*What to produce*
Nothing should be left out: output all of the entries exactly.
--*--
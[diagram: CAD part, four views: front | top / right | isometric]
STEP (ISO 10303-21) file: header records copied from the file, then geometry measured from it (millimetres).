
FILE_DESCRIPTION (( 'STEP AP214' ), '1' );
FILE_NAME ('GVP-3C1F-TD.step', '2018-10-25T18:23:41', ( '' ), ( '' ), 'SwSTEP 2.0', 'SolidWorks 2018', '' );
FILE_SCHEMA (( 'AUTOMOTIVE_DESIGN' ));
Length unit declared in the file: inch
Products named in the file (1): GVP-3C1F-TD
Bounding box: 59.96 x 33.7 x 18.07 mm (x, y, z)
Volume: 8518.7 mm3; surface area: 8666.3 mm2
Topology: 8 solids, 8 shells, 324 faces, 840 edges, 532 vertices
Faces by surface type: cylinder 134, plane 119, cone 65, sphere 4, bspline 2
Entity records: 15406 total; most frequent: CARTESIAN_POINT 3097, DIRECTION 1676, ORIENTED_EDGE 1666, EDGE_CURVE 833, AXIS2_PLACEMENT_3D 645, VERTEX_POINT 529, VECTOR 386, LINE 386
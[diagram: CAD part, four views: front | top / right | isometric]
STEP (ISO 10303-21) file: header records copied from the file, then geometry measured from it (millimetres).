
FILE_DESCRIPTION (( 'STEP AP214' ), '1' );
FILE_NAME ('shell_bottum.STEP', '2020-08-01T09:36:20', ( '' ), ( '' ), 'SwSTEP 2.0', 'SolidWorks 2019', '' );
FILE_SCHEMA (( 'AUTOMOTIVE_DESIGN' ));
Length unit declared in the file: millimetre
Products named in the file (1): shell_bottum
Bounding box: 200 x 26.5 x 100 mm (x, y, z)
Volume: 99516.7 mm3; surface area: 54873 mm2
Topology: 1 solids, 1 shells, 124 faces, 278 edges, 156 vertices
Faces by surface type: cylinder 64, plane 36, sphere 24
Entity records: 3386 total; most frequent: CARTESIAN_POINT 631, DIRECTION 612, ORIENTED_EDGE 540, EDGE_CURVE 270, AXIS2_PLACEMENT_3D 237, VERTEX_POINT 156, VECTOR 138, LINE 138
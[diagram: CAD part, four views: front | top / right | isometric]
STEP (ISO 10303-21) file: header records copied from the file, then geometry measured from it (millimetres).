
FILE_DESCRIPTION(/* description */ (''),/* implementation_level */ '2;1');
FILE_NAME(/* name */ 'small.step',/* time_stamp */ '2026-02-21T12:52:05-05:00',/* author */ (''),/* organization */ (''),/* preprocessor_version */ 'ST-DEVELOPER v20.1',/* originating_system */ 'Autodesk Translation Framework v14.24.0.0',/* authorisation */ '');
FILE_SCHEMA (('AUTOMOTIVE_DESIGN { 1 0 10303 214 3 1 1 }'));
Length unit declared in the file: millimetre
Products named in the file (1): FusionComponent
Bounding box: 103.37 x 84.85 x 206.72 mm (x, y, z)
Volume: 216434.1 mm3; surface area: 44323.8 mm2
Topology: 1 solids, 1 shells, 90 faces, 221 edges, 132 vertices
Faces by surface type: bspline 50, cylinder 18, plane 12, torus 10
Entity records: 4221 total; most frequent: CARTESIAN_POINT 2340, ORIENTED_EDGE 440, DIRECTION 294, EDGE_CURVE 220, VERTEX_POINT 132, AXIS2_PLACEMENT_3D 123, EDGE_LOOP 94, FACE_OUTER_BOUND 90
--*--
*Answer section*
[diagram: CAD part, four views: front | top / right | isometric]
STEP (ISO 10303-21) file: header records copied from the file, then geometry measured from it (millimetres).
FILE_DESCRIPTION (( 'STEP AP214' ), '1' );
FILE_NAME ('GVP-3C1F-TD.step', '2018-10-25T18:23:41', ( '' ), ( '' ), 'SwSTEP 2.0', 'SolidWorks 2018', '' );
FILE_SCHEMA (( 'AUTOMOTIVE_DESIGN' ));
Length unit declared in the file: inch
Products named in the file (1): GVP-3C1F-TD
Bounding box: 59.96 x 33.7 x 18.07 mm (x, y, z)
Volume: 8518.7 mm3; surface area: 8666.3 mm2
Topology: 8 solids, 8 shells, 324 faces, 840 edges, 532 vertices
Faces by surface type: cylinder 134, plane 119, cone 65, sphere 4, bspline 2
Entity records: 15406 total; most frequent: CARTESIAN_POINT 3097, DIRECTION 1676, ORIENTED_EDGE 1666, EDGE_CURVE 833, AXIS2_PLACEMENT_3D 645, VERTEX_POINT 529, VECTOR 386, LINE 386
[diagram: CAD part, four views: front | top / right | isometric]
STEP (ISO 10303-21) file: header records copied from the file, then geometry measured from it (millimetres).
FILE_DESCRIPTION (( 'STEP AP214' ), '1' );
FILE_NAME ('shell_bottum.STEP', '2020-08-01T09:36:20', ( '' ), ( '' ), 'SwSTEP 2.0', 'SolidWorks 2019', '' );
FILE_SCHEMA (( 'AUTOMOTIVE_DESIGN' ));
Length unit declared in the file: millimetre
Products named in the file (1): shell_bottum
Bounding box: 200 x 26.5 x 100 mm (x, y, z)
Volume: 99516.7 mm3; surface area: 54873 mm2
Topology: 1 solids, 1 shells, 124 faces, 278 edges, 156 vertices
Faces by surface type: cylinder 64, plane 36, sphere 24
Entity records: 3386 total; most frequent: CARTESIAN_POINT 631, DIRECTION 612, ORIENTED_EDGE 540, EDGE_CURVE 270, AXIS2_PLACEMENT_3D 237, VERTEX_POINT 156, VECTOR 138, LINE 138
[diagram: CAD part, four views: front | top / right | isometric]
STEP (ISO 10303-21) file: header records copied from the file, then geometry measured from it (millimetres).
FILE_DESCRIPTION(/* description */ (''),/* implementation_level */ '2;1');
FILE_NAME(/* name */ 'small.step',/* time_stamp */ '2026-02-21T12:52:05-05:00',/* author */ (''),/* organization */ (''),/* preprocessor_version */ 'ST-DEVELOPER v20.1',/* originating_system */ 'Autodesk Translation Framework v14.24.0.0',/* authorisation */ '');
FILE_SCHEMA (('AUTOMOTIVE_DESIGN { 1 0 10303 214 3 1 1 }'));
Length unit declared in the file: millimetre
Products named in the file (1): FusionComponent
Bounding box: 103.37 x 84.85 x 206.72 mm (x, y, z)
Volume: 216434.1 mm3; surface area: 44323.8 mm2
Topology: 1 solids, 1 shells, 90 faces, 221 edges, 132 vertices
Faces by surface type: bspline 50, cylinder 18, plane 12, torus 10
Entity records: 4221 total; most frequent: CARTESIAN_POINT 2340, ORIENTED_EDGE 440, DIRECTION 294, EDGE_CURVE 220, VERTEX_POINT 132, AXIS2_PLACEMENT_3D 123, EDGE_LOOP 94, FACE_OUTER_BOUND 90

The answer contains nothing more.